INSTRUCTIONS FOR THE TASK - Among the entries, find each line that includes the string "from" and list it.

INFORMATION GIVEN -
* * * *
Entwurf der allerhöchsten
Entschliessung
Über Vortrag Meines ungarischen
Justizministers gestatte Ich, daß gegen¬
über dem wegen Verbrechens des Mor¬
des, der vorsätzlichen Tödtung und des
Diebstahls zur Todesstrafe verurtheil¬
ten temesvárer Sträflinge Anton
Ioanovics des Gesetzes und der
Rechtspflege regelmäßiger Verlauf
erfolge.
* * * *
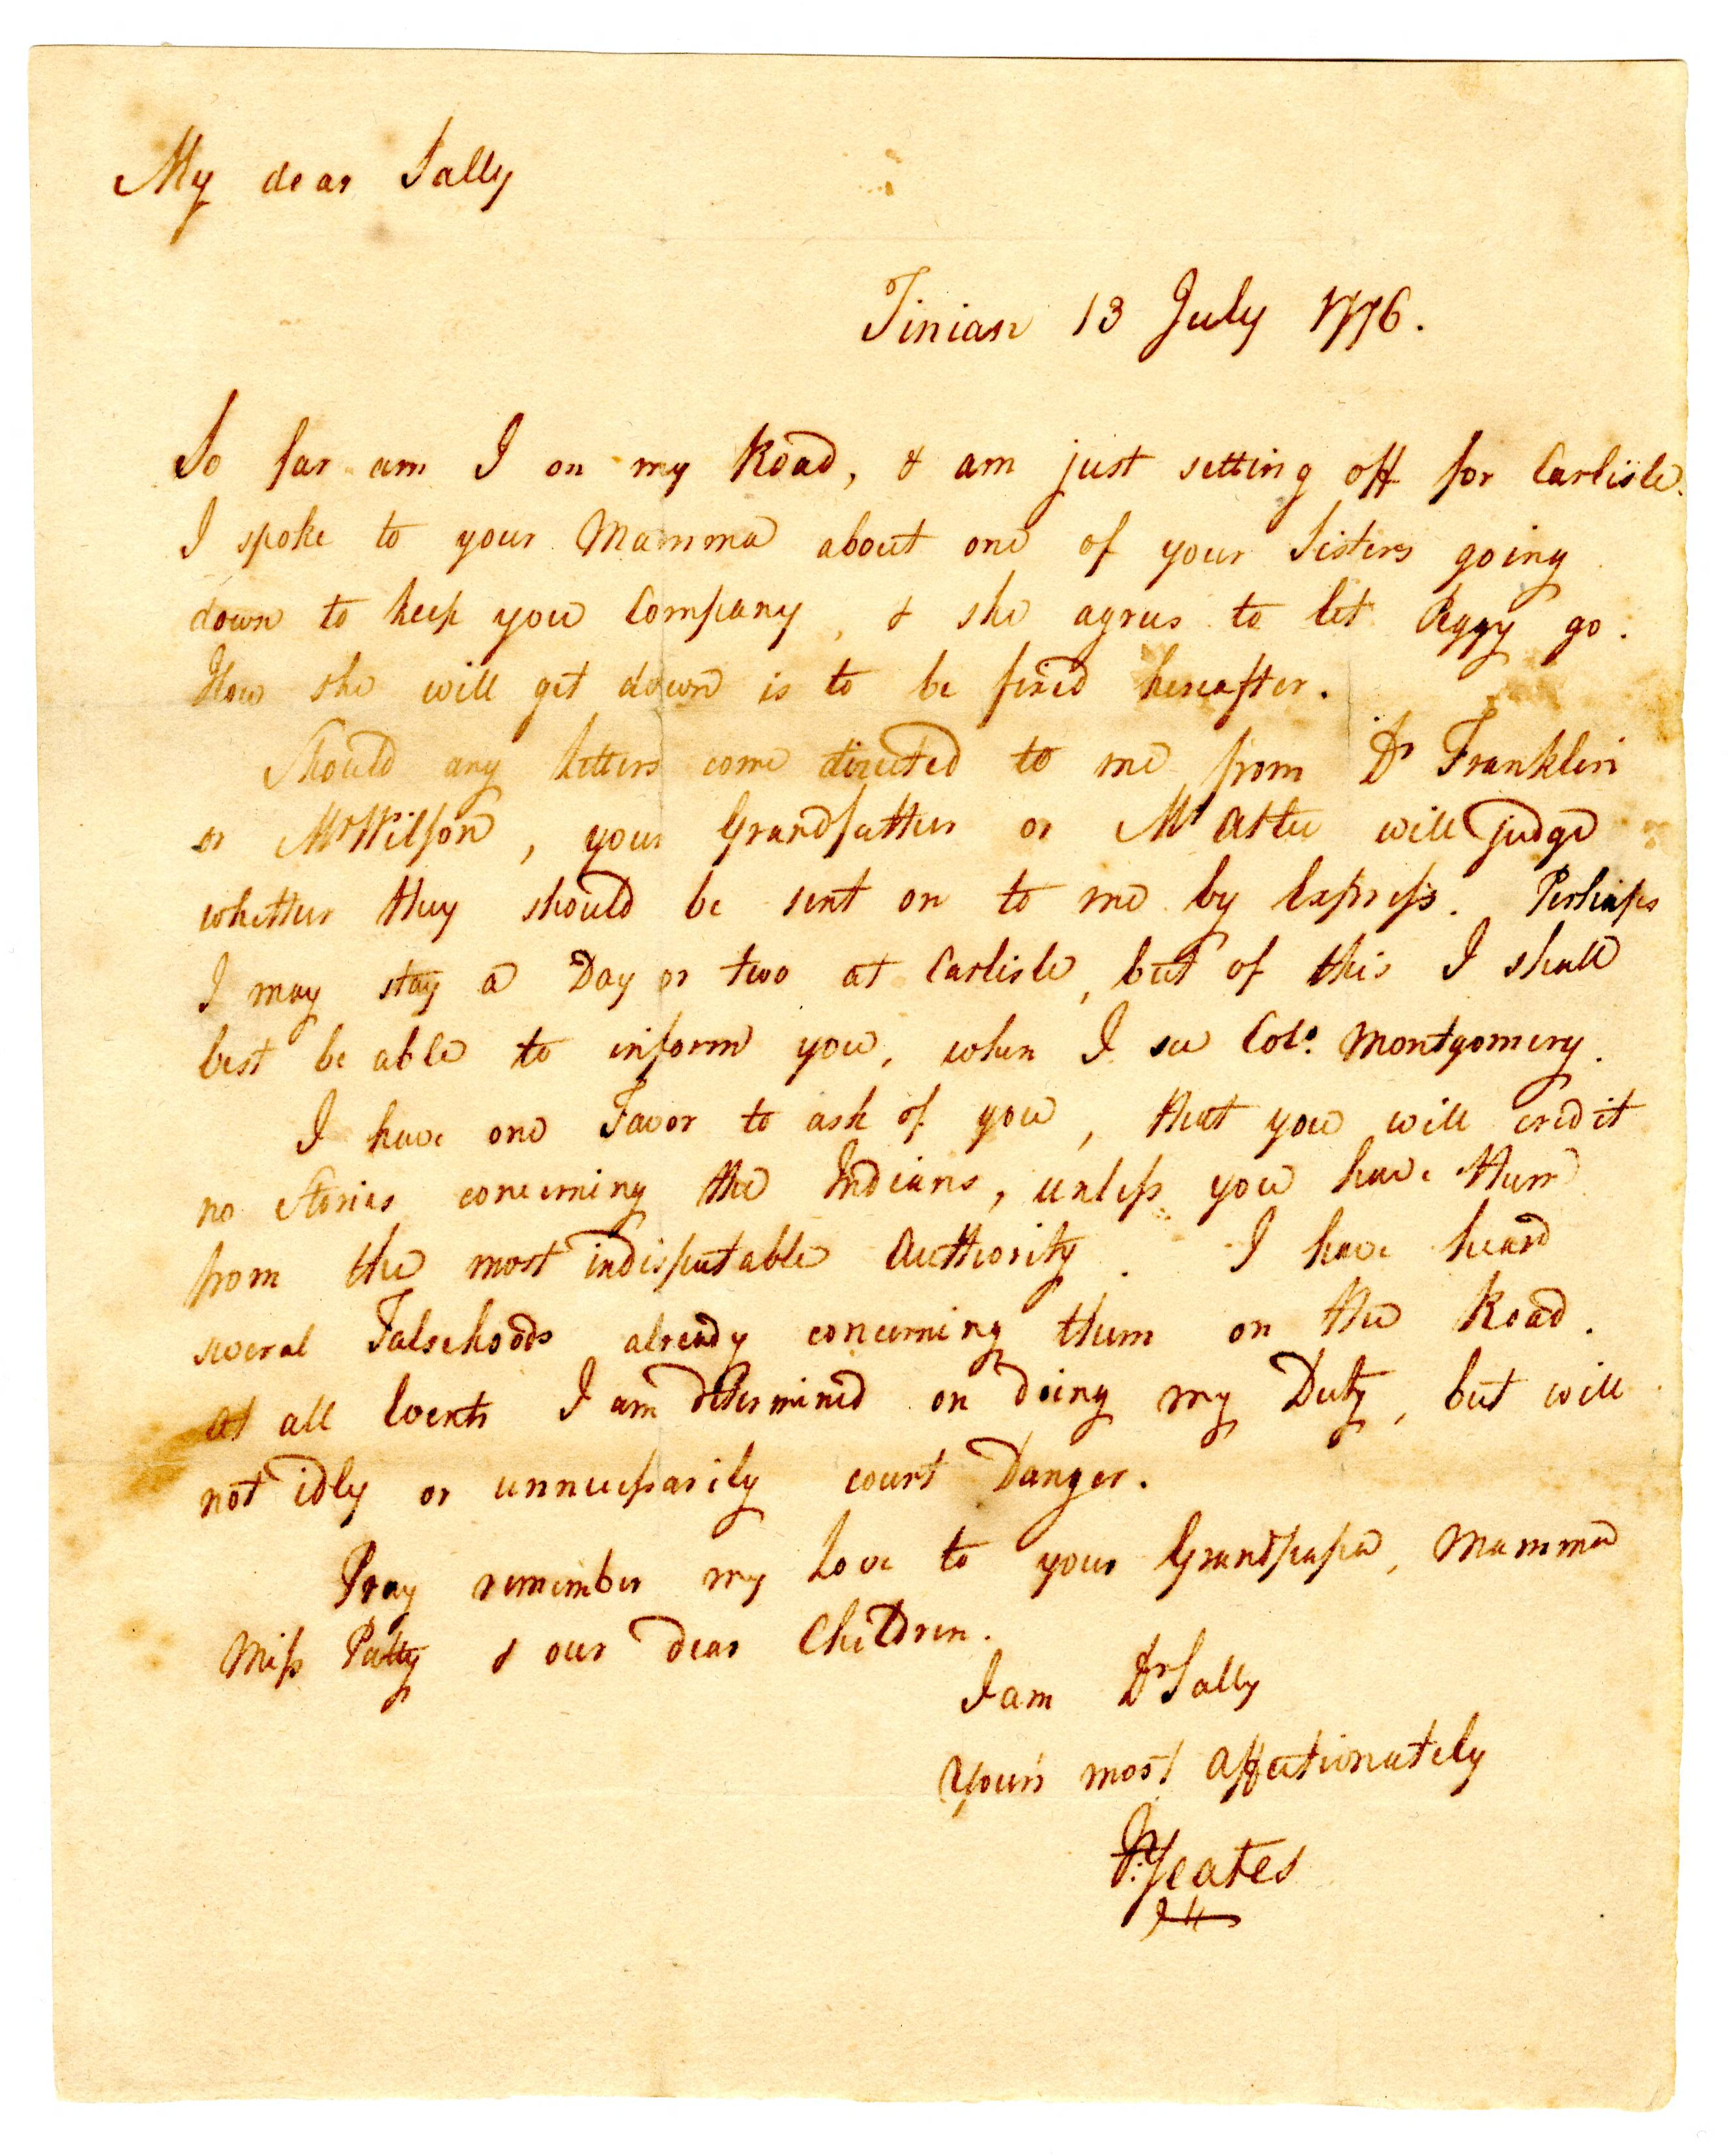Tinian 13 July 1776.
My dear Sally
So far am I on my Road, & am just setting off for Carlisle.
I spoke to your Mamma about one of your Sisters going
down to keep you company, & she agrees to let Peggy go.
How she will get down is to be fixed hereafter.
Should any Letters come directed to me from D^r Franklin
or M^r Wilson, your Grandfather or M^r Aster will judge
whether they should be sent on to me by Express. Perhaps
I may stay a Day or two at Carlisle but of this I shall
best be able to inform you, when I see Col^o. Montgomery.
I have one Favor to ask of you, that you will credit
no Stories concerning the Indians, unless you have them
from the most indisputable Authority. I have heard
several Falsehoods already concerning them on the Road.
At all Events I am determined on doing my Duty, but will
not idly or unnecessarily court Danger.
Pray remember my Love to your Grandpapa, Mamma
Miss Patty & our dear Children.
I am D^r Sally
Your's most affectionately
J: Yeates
* * * *
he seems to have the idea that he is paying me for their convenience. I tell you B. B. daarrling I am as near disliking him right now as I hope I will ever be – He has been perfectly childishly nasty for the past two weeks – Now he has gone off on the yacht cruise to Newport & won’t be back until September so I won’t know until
* * * *
EXPECTED ANSWER -
Should any Letters come directed to me from D^r Franklin
from the most indisputable Authority. I have heard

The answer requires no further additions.